Tuesday, January 29, 2008

The Girl I Was is the Girl I Am - Minus A Lot of Cool

I used to be pretty cool. I know that. I don't revel in it often, but every so often I think back to memories past, outfits worn, shoes scuffed...and I think I was prettttty hip; most of the time at least. I reminisce back to the days when I used to brave NYC sidewalks morning noon or night with my four-inch cockroach killing stilettos - I could rock a pair all day long straight through the evening's festivities with nary a blister. I took chances, man. I put together outfits that bordered on bizarre, but always managed to come off as interesting - at least that's how I like to remember it.

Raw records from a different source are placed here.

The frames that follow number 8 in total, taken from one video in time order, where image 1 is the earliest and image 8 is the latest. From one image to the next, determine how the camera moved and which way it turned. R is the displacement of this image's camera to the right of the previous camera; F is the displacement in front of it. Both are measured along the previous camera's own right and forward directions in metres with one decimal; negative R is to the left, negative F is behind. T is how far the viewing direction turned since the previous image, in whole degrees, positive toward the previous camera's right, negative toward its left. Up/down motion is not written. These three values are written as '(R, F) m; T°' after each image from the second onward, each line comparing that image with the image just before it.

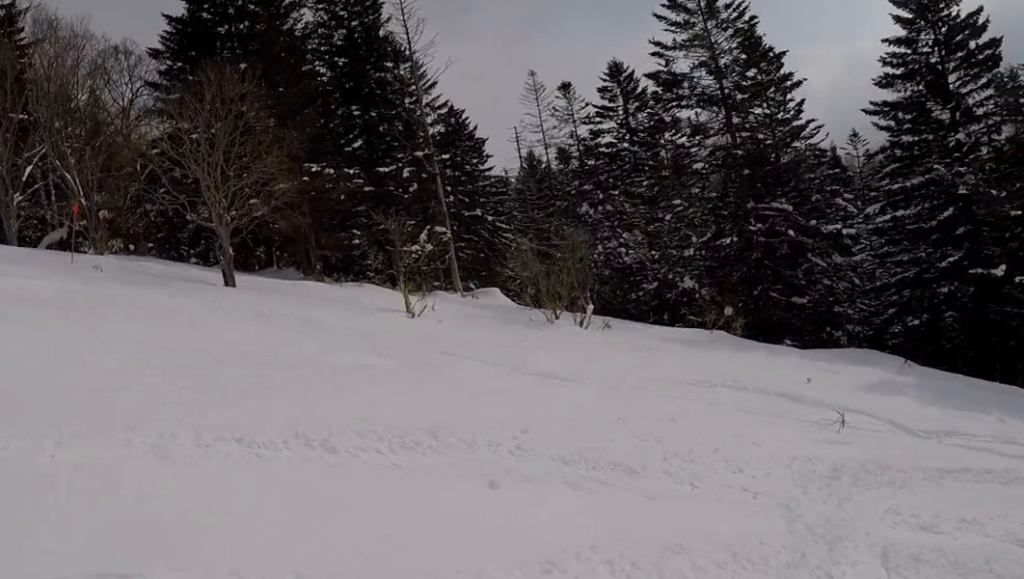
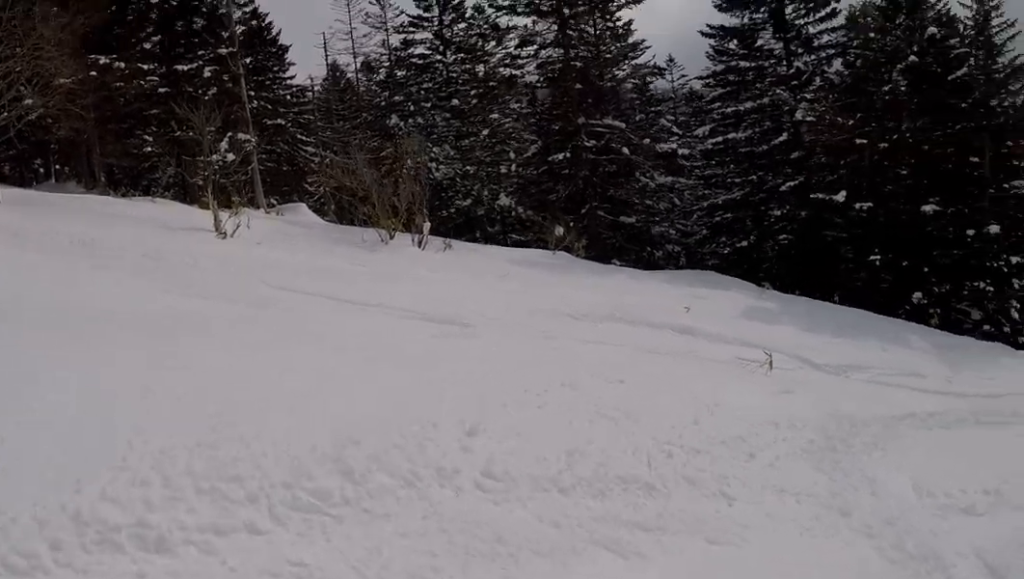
(+0.2, +2.2) m; +25°
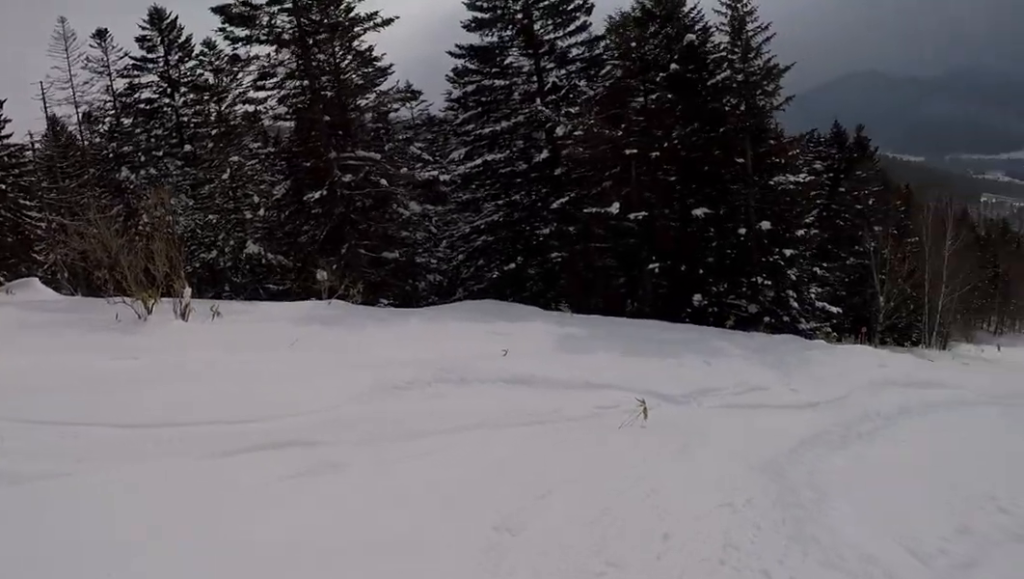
(+0.4, +2.1) m; +37°
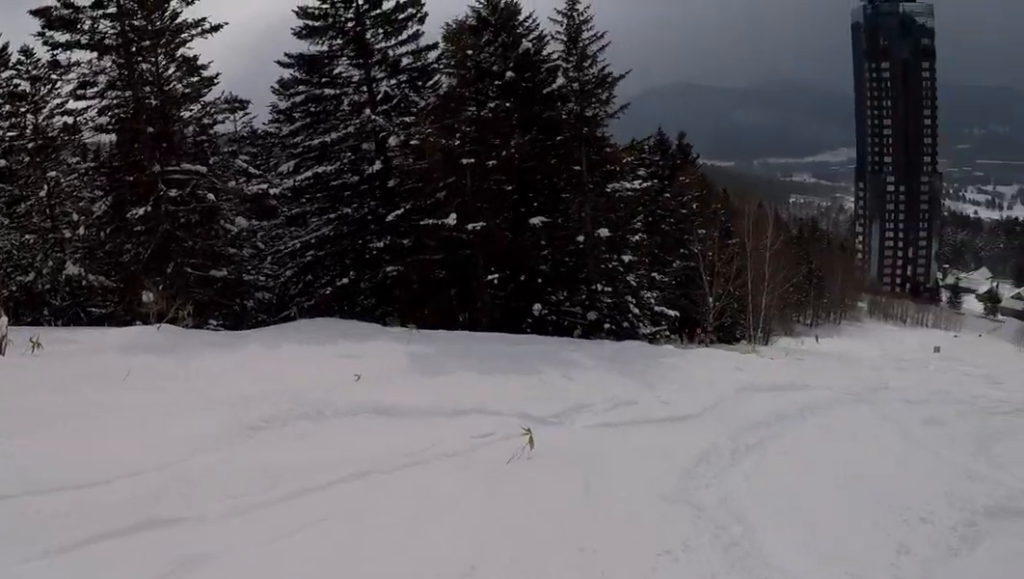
(+0.7, +1.9) m; +13°
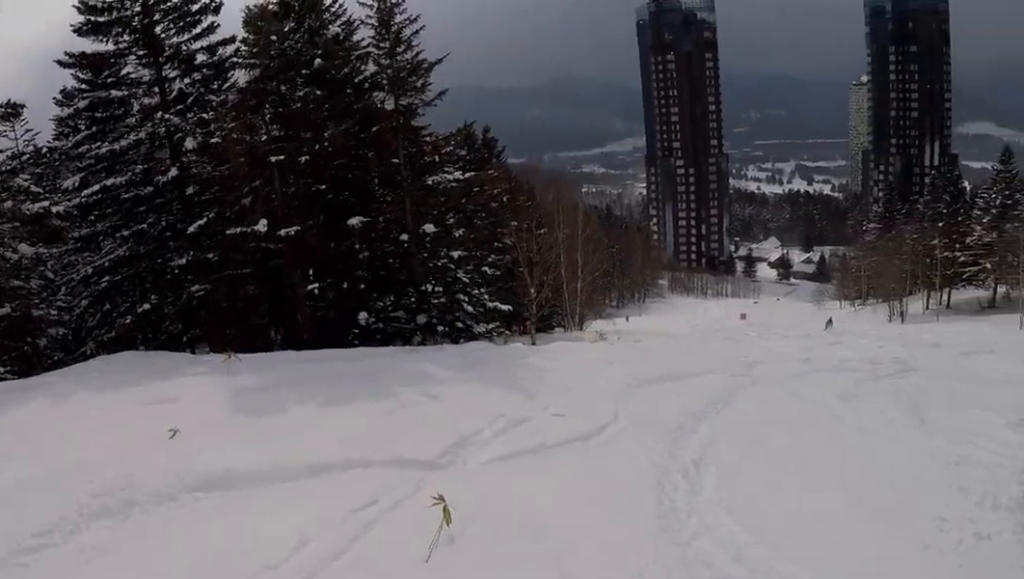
(+0.9, +4.8) m; +18°
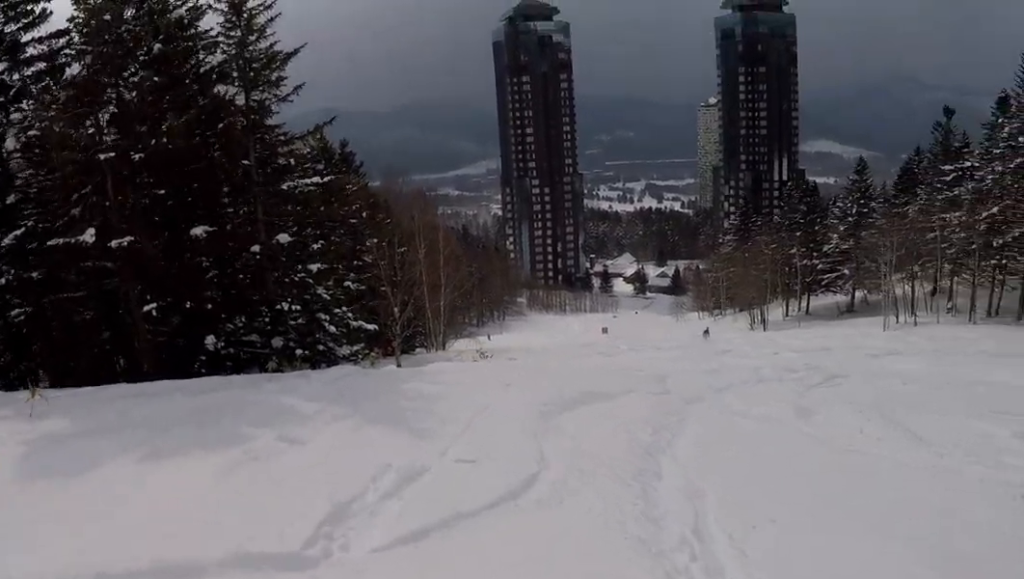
(+0.3, +3.7) m; +15°
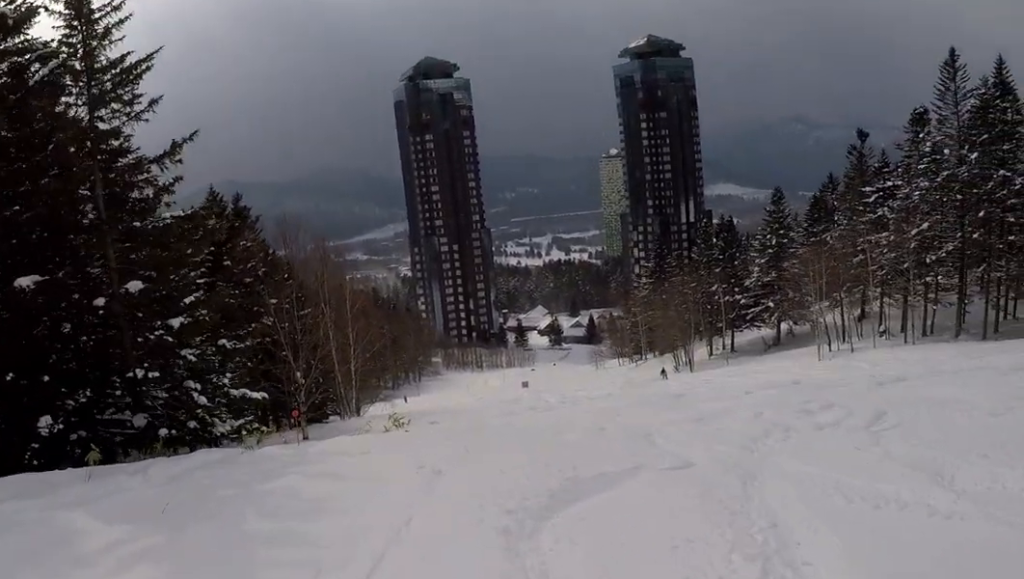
(+0.8, +4.7) m; +27°
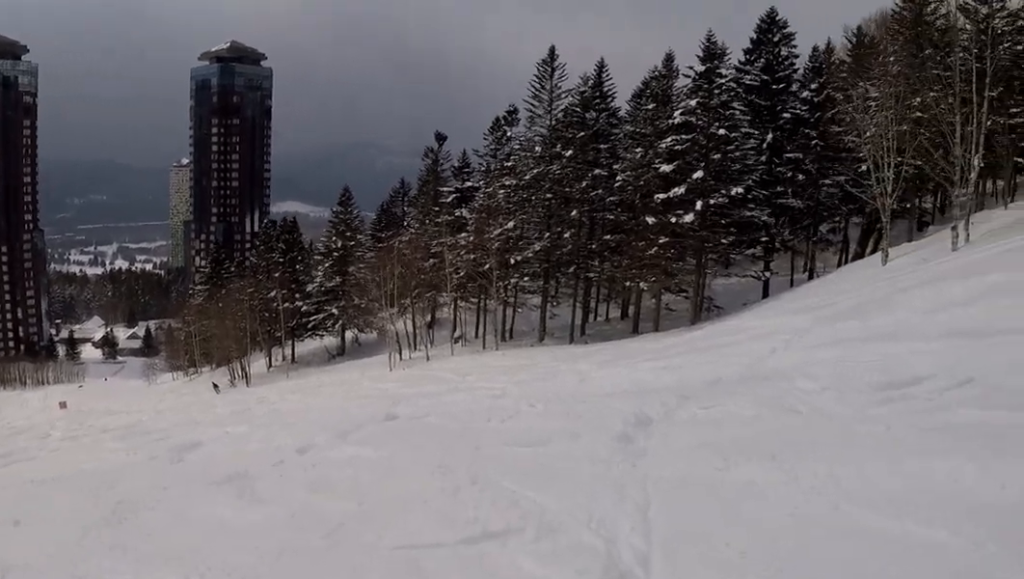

Not anymore. I don't know at what point dressing myself became a difficult chore, but I'd quite prefer to do a load of laundry than actually wear the clothes. Not that I'm saying I'd rather be nude, because I actually don't like being nude much - I hate sleeping nude, for one...I wake up from strange dreams when there is no layer between my VJ and the pillow wedged between my legs, and I think nudity in general is overrated, unless you have a sick pinup bod and you have found a way to master that famous position where you are kind of sitting on your heels, hip gyrated to the side, one arm on hip and one arm up behind your neck...but that's neither here nor there....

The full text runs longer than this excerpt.